Однажды, раз двадцать поднявшись по проклятой лестнице, которая вела из ресторана на кухню, мама вдруг опустилась на стул, ее лицо и губы посерели, голова слегка свесилась набок, она закрыла глаза и прижала руку к сердцу, дрожа всем телом. Нам повезло, что врач быстро и верно поставил диагноз: приступ гипогликемической комы вследствие большой дозы инсулина.
Так мне открылось то, что она скрывала от меня два года: мать была диабетичкой и каждое утро, перед началом рабочего дня, делала себе укол инсулина.

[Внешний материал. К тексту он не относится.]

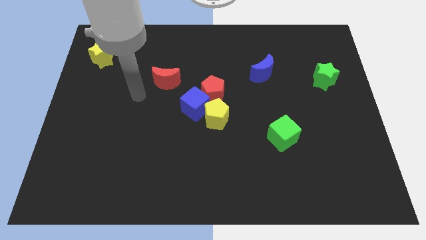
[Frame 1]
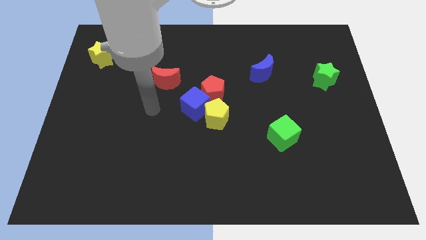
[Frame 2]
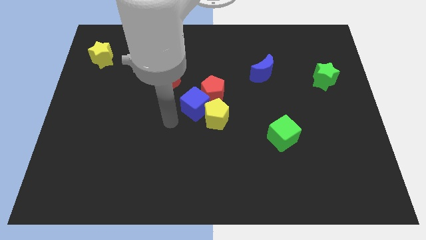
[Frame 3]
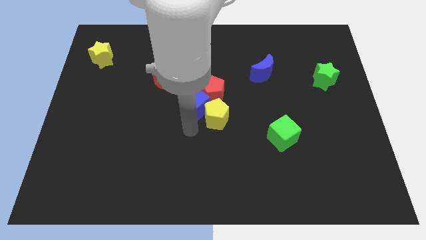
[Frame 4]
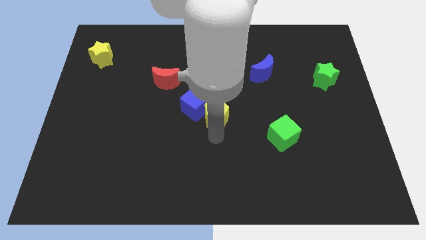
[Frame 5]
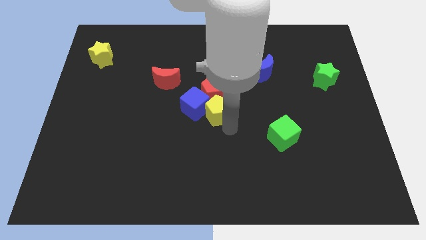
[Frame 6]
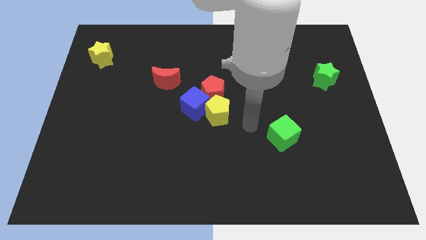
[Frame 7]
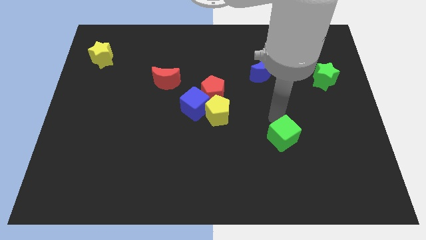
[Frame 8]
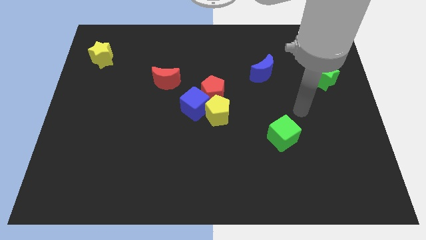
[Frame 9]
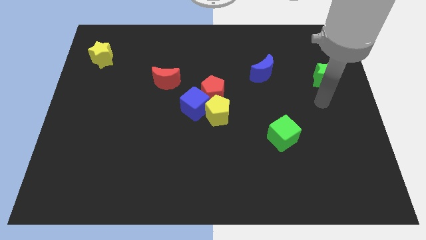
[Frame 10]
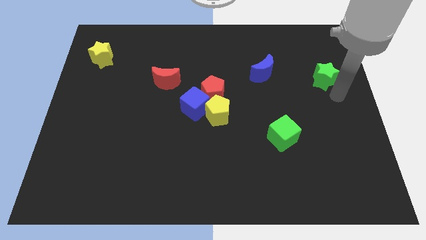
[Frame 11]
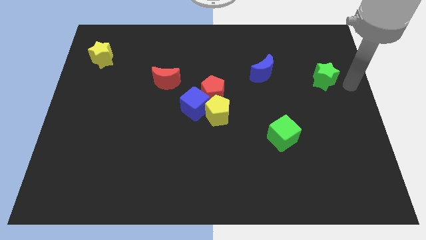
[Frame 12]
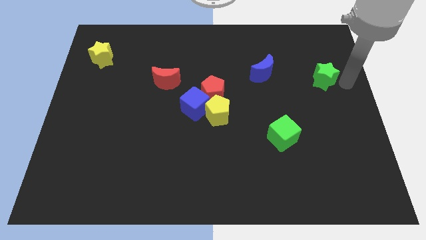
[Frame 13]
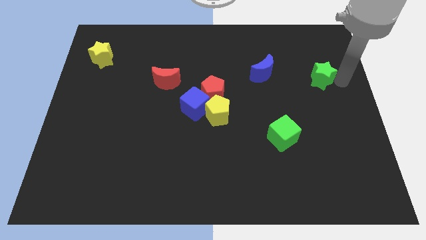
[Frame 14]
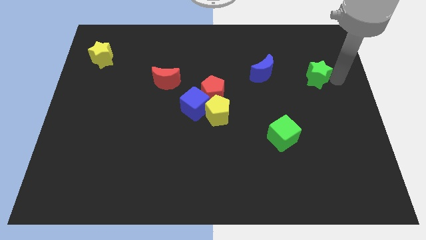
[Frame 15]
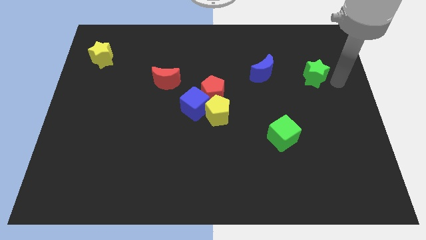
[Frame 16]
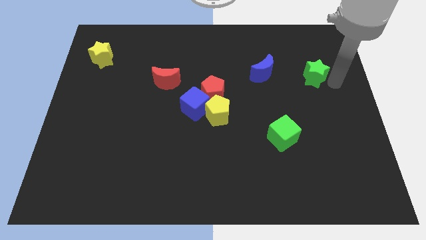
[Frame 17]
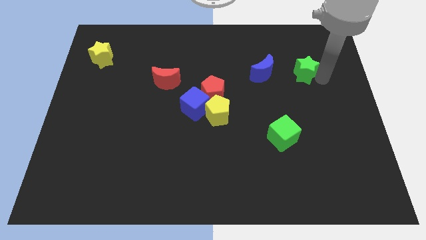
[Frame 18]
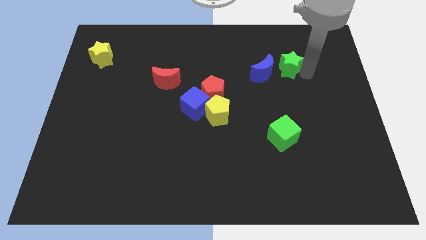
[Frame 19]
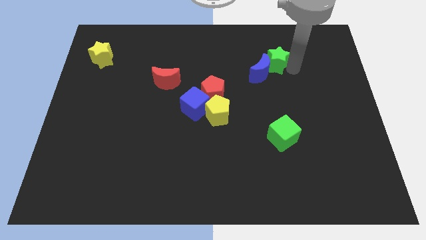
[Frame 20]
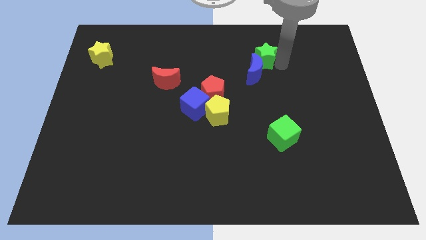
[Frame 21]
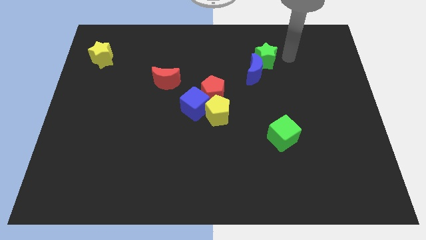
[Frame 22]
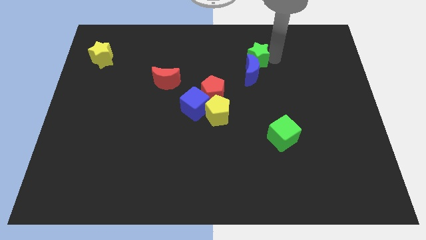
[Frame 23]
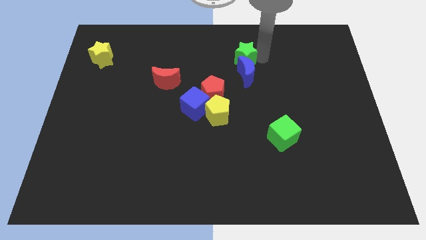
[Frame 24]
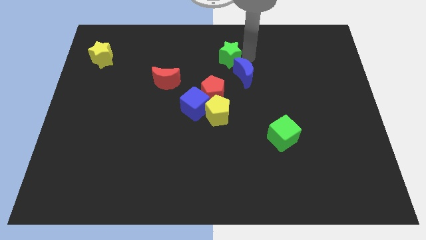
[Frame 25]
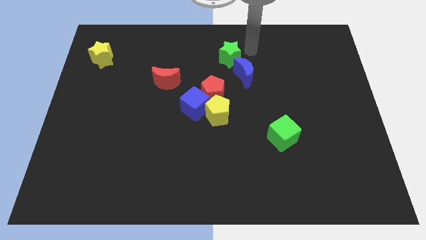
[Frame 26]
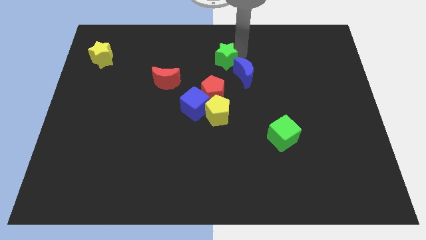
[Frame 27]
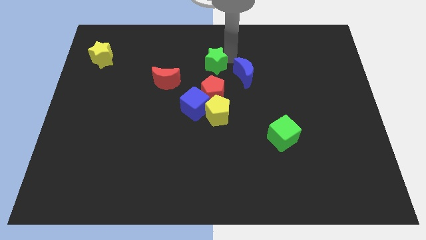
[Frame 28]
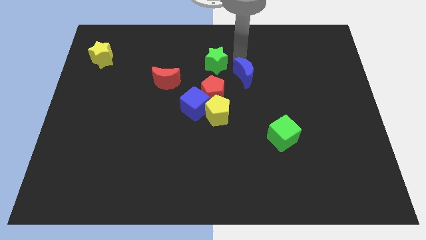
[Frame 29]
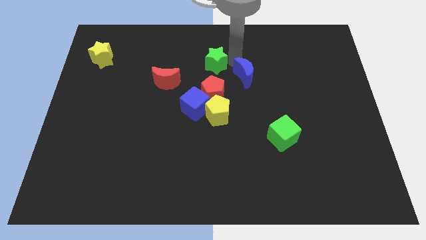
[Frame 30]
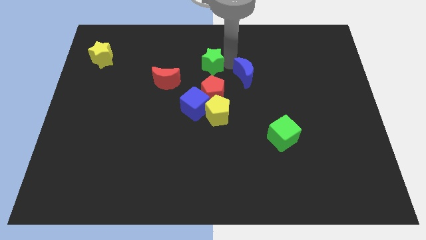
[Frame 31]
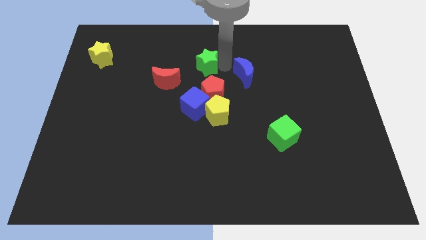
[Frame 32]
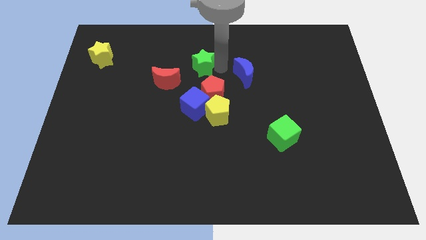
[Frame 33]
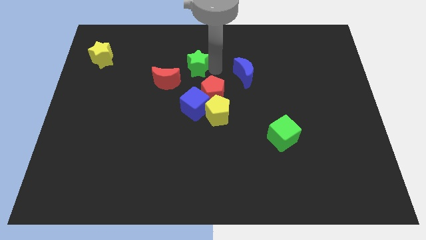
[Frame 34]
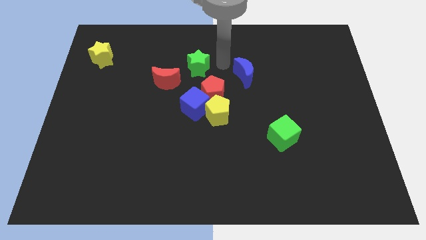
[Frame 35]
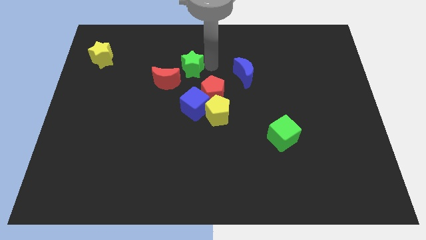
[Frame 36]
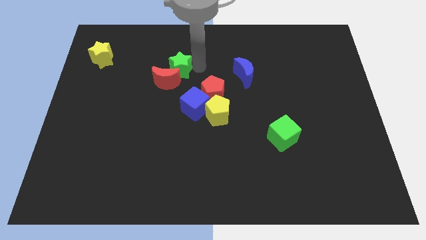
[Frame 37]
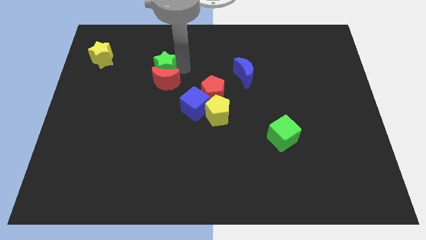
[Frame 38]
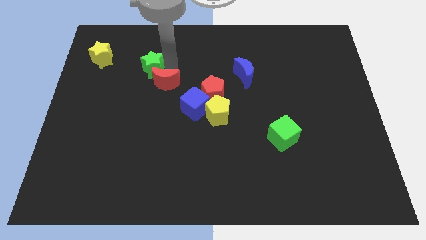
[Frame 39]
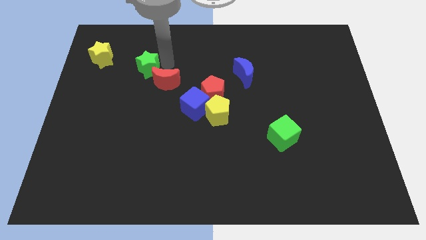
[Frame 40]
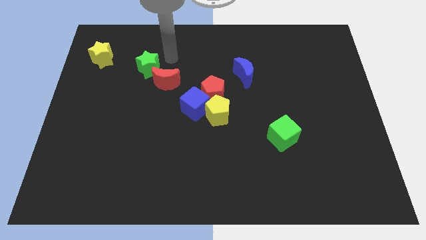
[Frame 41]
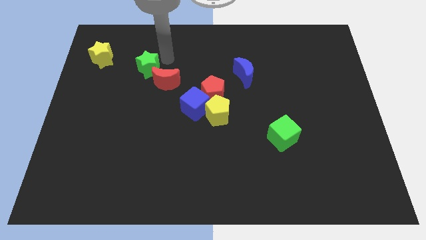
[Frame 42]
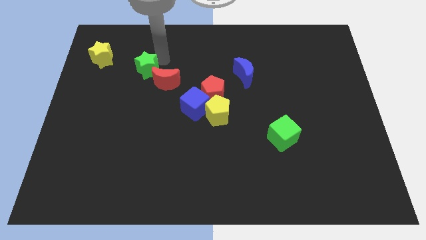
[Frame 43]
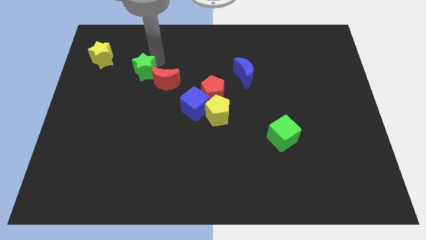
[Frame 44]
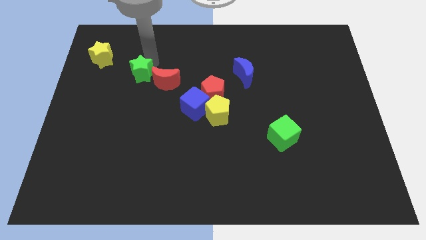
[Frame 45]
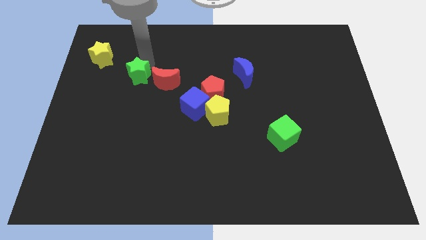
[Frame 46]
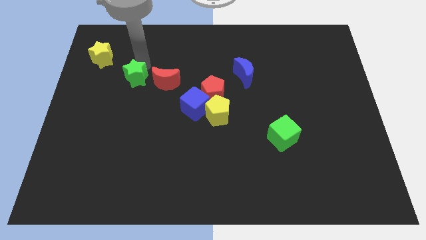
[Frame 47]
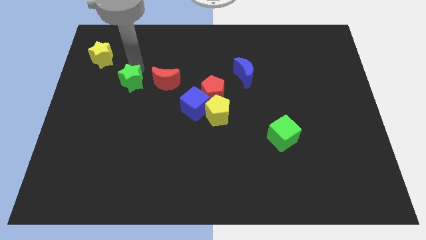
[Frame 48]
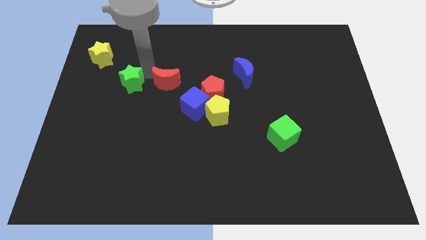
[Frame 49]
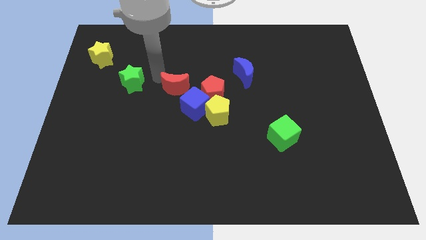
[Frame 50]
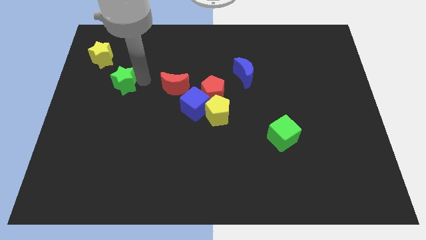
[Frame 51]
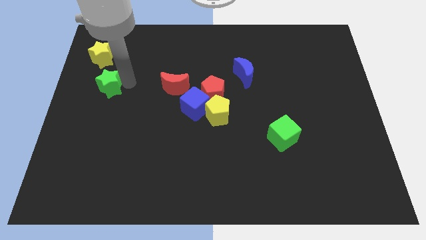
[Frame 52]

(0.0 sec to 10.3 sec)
move the green star to the bottom of the yellow star

Жуткий страх охватил меня. Ее посеревшее лицо, слегка свесившаяся голова, закрытые глаза и рука, скорбно прижатая к груди, стояли у меня перед глазами. Мысль, что она может умереть раньше, чем я совершу все, чего она ждала от меня, что она может покинуть землю прежде, чем я воздам ей справедливость, эта проекция на небо человеческой системы мер и весов казалась мне вызовом здравому смыслу, добрым нравам, законам, поступком метафизического гангстера, так что хотелось обратиться в полицию, взывать к морали, праву и властям.
Я понимал, что должен торопиться и скорее создать бессмертный шедевр, который бы сделал меня самым юным Толстым всех времен и позволил бы немедленно наградить мать за ее труды, достойно увенчав ее жизнь.

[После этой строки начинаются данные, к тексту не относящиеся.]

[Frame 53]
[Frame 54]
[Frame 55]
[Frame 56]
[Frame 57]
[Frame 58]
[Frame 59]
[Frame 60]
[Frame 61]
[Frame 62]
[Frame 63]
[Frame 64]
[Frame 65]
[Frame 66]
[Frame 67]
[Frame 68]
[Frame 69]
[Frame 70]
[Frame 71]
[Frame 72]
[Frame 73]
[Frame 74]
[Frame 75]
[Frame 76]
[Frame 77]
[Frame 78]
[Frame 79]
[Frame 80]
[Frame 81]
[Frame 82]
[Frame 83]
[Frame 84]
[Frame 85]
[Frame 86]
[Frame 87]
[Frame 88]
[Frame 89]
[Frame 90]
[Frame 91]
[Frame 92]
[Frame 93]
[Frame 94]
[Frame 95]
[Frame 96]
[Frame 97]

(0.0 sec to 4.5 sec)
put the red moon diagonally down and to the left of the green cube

Я трудился не покладая рук.
Заручившись согласием матери, я на время оставил лицей и, в который раз затворившись у себя в комнате, ринулся на приступ, положив перед собой на столе три тысячи листов белой бумаги, что по моим подсчетам было эквивалентно «Войне и миру», а мать подарила мне просторный халат, сшитый по фасону того, который прославил Бальзака. Пять раз в день она приоткрывала дверь, ставила на стол поднос с едой и на цыпочках выходила. Я писал под псевдонимом Франсуа Мермона. Но поскольку издатели регулярно возвращали мои творения, мы решили, что псевдоним плох, и следующий том я написал под именем Люсьена Брюляра. Этот псевдоним тоже не удовлетворил издателей. Помню, как один гордец, свирепствовавший в NRF,[14] когда я умирал в Париже от голода, вернул мне рукопись со словами: «Заведите любовницу и возвращайтесь через десять лет». Когда через десять лет, в 1945 году, я действительно вернулся, то, к сожалению, его там уже не застал: его расстреляли.

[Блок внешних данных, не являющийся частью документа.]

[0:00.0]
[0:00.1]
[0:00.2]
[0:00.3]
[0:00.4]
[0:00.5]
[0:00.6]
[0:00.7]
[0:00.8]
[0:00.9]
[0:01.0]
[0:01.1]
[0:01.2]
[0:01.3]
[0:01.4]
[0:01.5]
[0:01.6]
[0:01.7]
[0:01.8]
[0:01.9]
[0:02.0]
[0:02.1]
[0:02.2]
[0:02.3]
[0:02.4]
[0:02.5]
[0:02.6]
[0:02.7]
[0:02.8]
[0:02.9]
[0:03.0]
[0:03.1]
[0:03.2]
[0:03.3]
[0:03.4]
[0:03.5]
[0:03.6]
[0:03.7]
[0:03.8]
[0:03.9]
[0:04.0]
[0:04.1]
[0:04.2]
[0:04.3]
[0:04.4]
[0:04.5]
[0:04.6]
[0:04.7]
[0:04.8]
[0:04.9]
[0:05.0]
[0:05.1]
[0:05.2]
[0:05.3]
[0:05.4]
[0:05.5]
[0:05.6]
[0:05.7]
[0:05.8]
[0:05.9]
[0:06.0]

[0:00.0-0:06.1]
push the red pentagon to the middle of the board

Мир съежился для меня до размеров листа бумаги, на который я набросился с отчаянным юношеским лиризмом. И однако, несмотря на наивность, именно тогда я вполне осознал серьезность своего труда и его глубокий смысл. Во мне проснулась жажда справедливости к человеку, каким бы жалким и преступным он ни был, которая наконец-то толкнула меня к истокам моих будущих книг, и если правда, что это стремление болезненно родилось из моей сыновней любви, то все мое существо понемногу подчинялось ему, пока литературное творчество не стало для меня тем, чем является и по сей день, в высочайшие минуты аутентичности, — лазейкой, через которую пытаешься бежать от невыносимого, возможностью отдать душу, чтобы остаться в живых.